Anandtech found that the S4 games its GPU to spit out a 533MHz clock speed in certain benchmark tests (AnTuTu, GLBenchmark 2.5.1 and Quadrant) while most every other app and game performance is limited to 480MHz (some other benchmark apps show a lower clock speed too). 533MHz obviously sounds a lot more impressive than 480MHz.
It’s gets better: even the S4’s CPU spits out lies in certain benchmark tests. In GLBenchmark 2.5.1, the CPU clocks in at 1.2GHz and never dips below it. In GFXBench 2.7, the CPU can go to 500MHz (250MHz virtual frequency). Basically, when the S4 is in GLBenchmark 2.5.1 (and other benchmark tests), it’s allowed to run in a higher performance benchmark mode, an unnatural boost to make its numbers look better in fake situations while hiding its actual real life performance.

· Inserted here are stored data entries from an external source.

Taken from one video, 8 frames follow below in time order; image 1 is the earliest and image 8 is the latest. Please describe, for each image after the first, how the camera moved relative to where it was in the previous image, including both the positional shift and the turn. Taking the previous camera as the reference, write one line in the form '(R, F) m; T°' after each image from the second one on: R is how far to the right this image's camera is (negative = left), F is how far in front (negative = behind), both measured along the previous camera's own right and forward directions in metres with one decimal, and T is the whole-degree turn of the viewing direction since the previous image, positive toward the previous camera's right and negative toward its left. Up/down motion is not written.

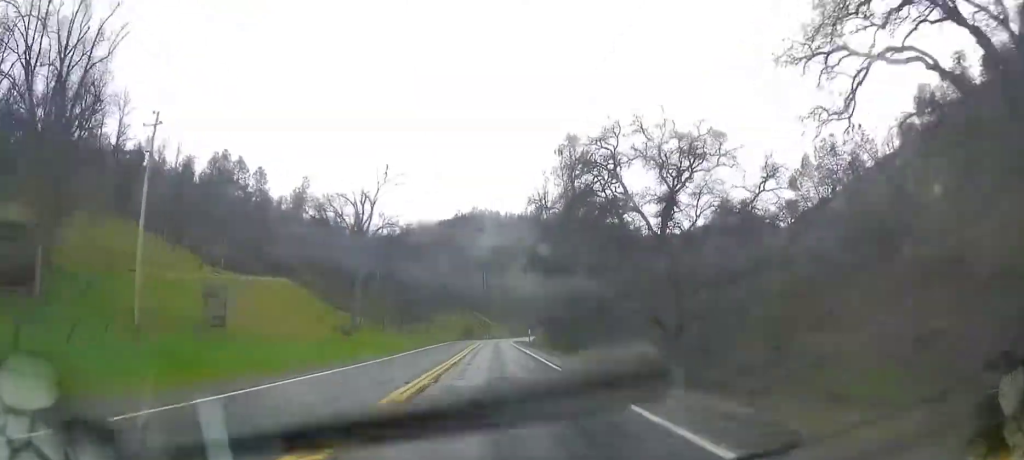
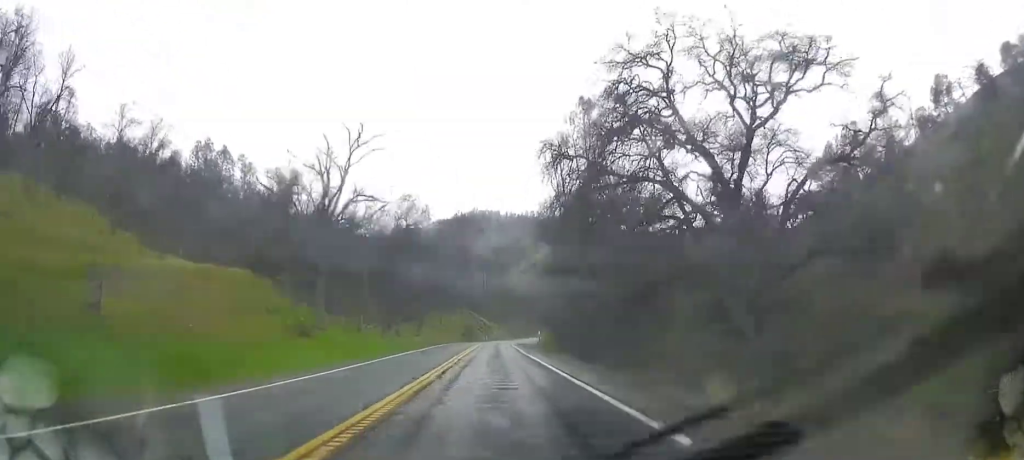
(0.0, +13.1) m; 0°
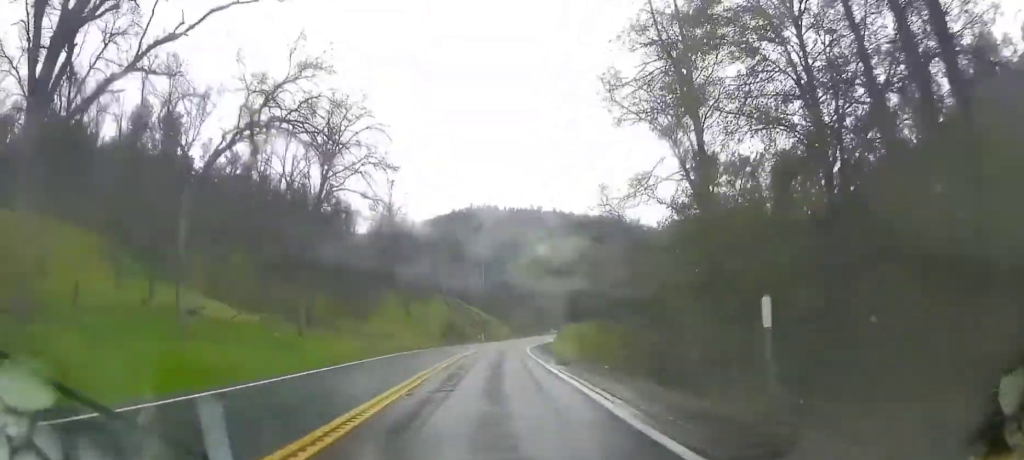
(+0.8, +35.4) m; +1°
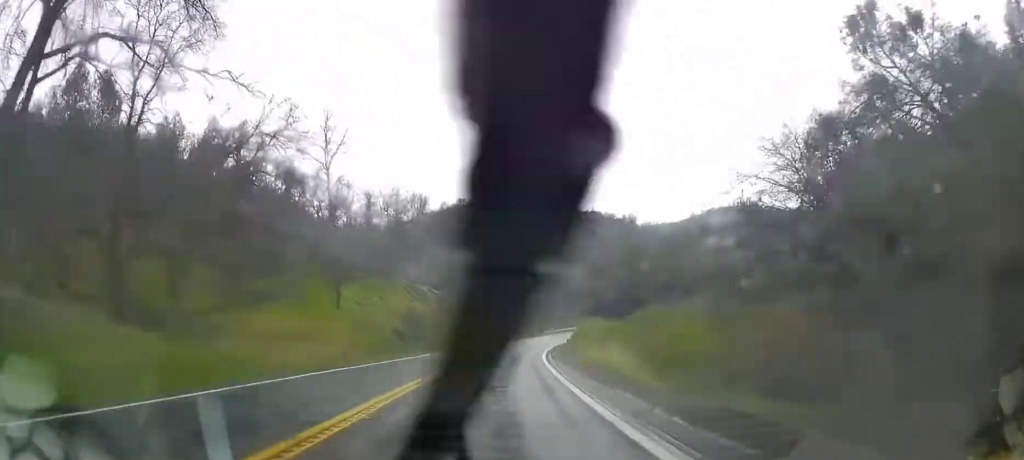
(-0.7, +24.9) m; -2°
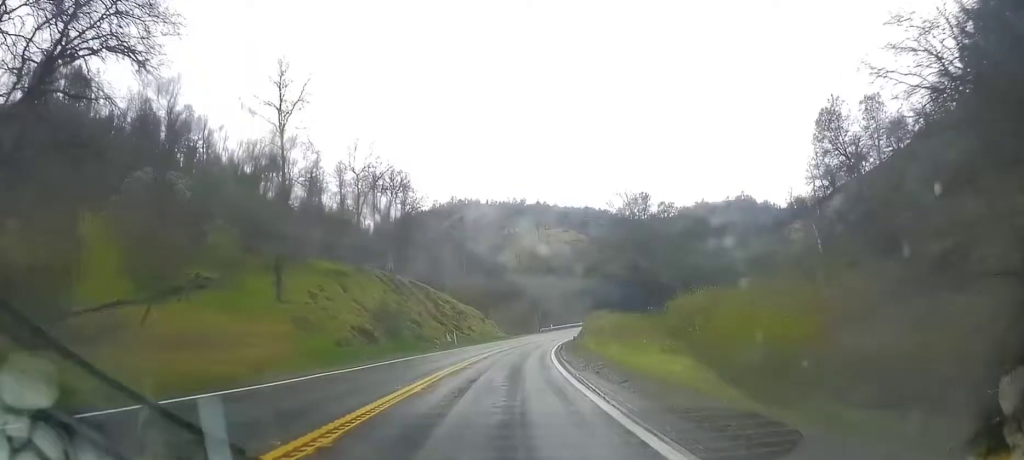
(-0.1, +9.5) m; 0°
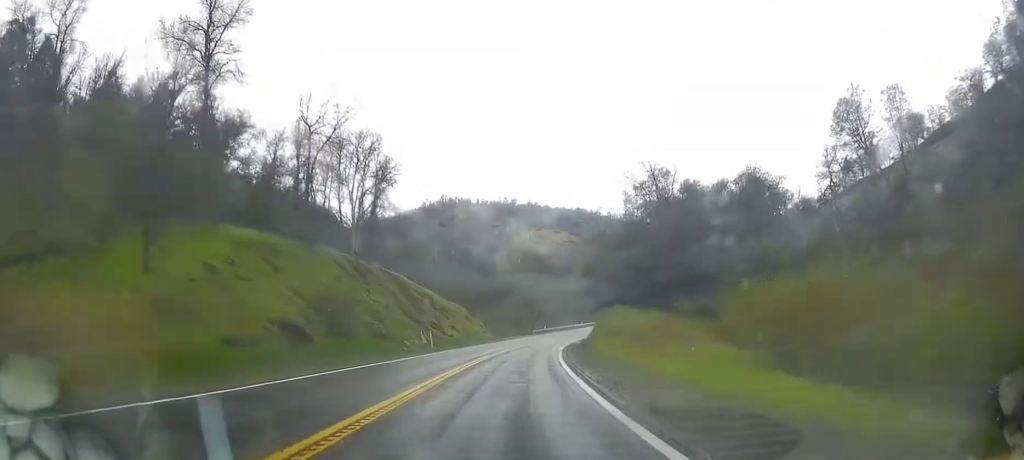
(-0.1, +10.8) m; +1°
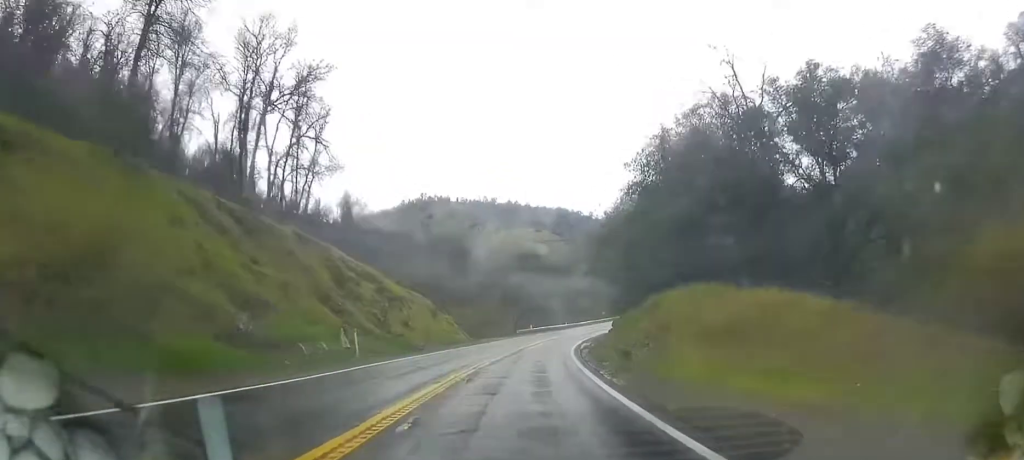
(+0.3, +17.3) m; +2°
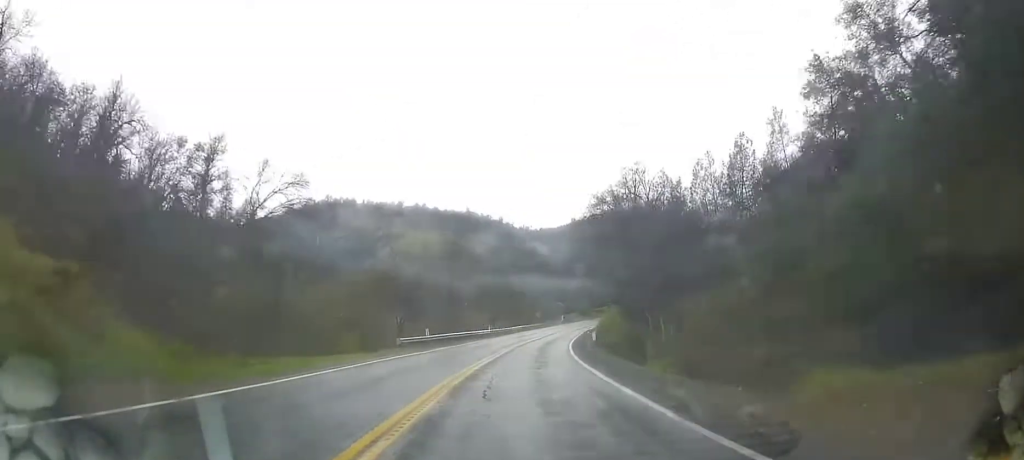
(+2.1, +41.0) m; +4°

But could it be different benchmark tests giving different results? No. Anandtech found a string that shows the S4 is hardcoded to specficailly perform better in certain apps for benchmark testing, with “Quadrant standard, advanced, and professional, linpack (free, not paid), Benchmark Pi, and AnTuTu” being mentioned:
It’s not exactly putting lipstick on a pig but it’s sorta like the digital equivalent of taking performance enhancing drugs for an Olympic event. This kind of shady stuff has happened with PC benchmark tests before but it’s obviously cheating the system. The S4 is a fine phone without these boosts, it’s weird that Samsung felt the need to fake it to prove that. For a deeper dive into what Samsung is specifically doing, head over to AnandTech. [AnandTech]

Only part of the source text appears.